Tuesday, June 14, 2011

Not Just for Big Words

http://www.thebeerbarrel.net/showthread.php?8133-Justices-Turning-More-Frequently-to-Dictionary

J. Gordon Christy, a professor at the Mississippi College School of Law, surveyed the scene in 2006, and he did not like what he saw. “We are treated,” Mr. Christy wrote in The Mississippi Law Journal, “to the truly absurd spectacle of august justices and judges arguing over which unreliable dictionary and which unreliable dictionary definition should be deemed authoritative.”
In the last two decades, the use of dictionaries at the Supreme Court has been booming.
A new study in The Marquette Law Review found that the justices had used dictionaries to define 295 words or phrases in 225 opinions in the 10 years starting in October 2000. That is roughly in line with the previous decade but an explosion by historical standards.

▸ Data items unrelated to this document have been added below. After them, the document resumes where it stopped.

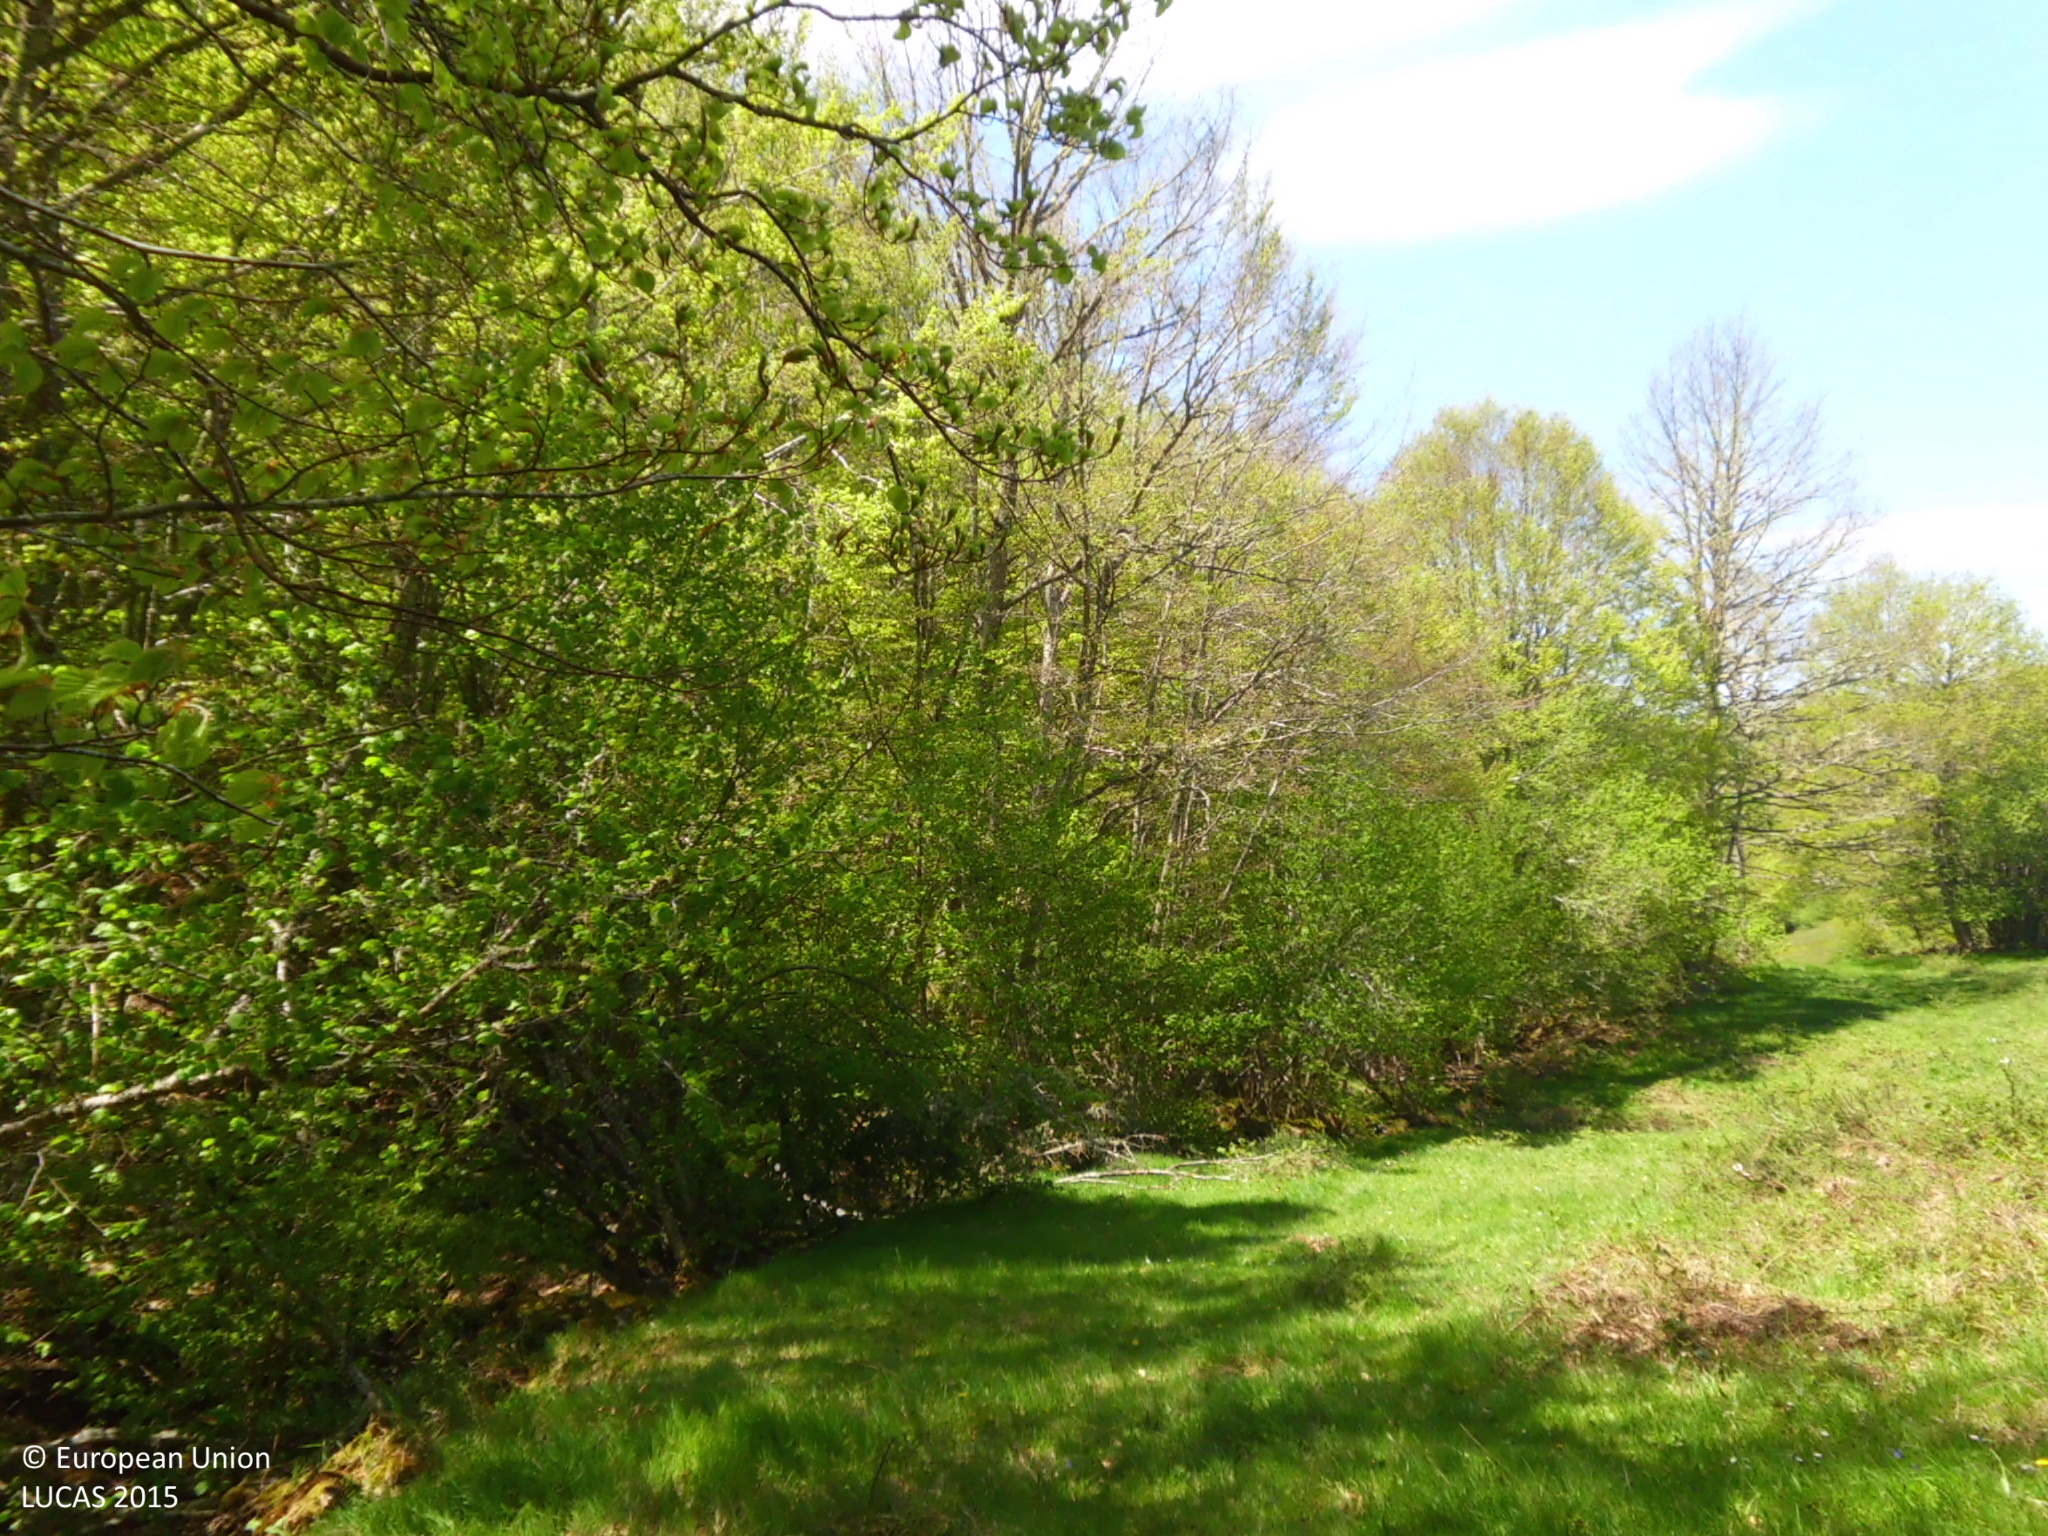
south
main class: Woodland
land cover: Broadleaved woodland
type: acidophilous oak and oak-birch forest
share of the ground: 50 - 75 %
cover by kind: broadleaved forest trees 70 %, shrubs 20 %, herbaceous plants 10 %
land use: Semi-natural and natural areas not in use
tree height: > 5 m
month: May
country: ES
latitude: 42.9027
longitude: -3.9966

In the 1960s, for instance, the court relied on dictionaries to define 23 terms in 16 opinions.
Justices Oliver Wendell Holmes Jr., Benjamin N. Cardozo and Louis D. Brandeis managed to make it through distinguished careers on the Supreme Court without citing dictionaries.
Learned Hand, widely considered the greatest judge never to have served on the Supreme Court, cautioned against the mechanical examination of words in isolation.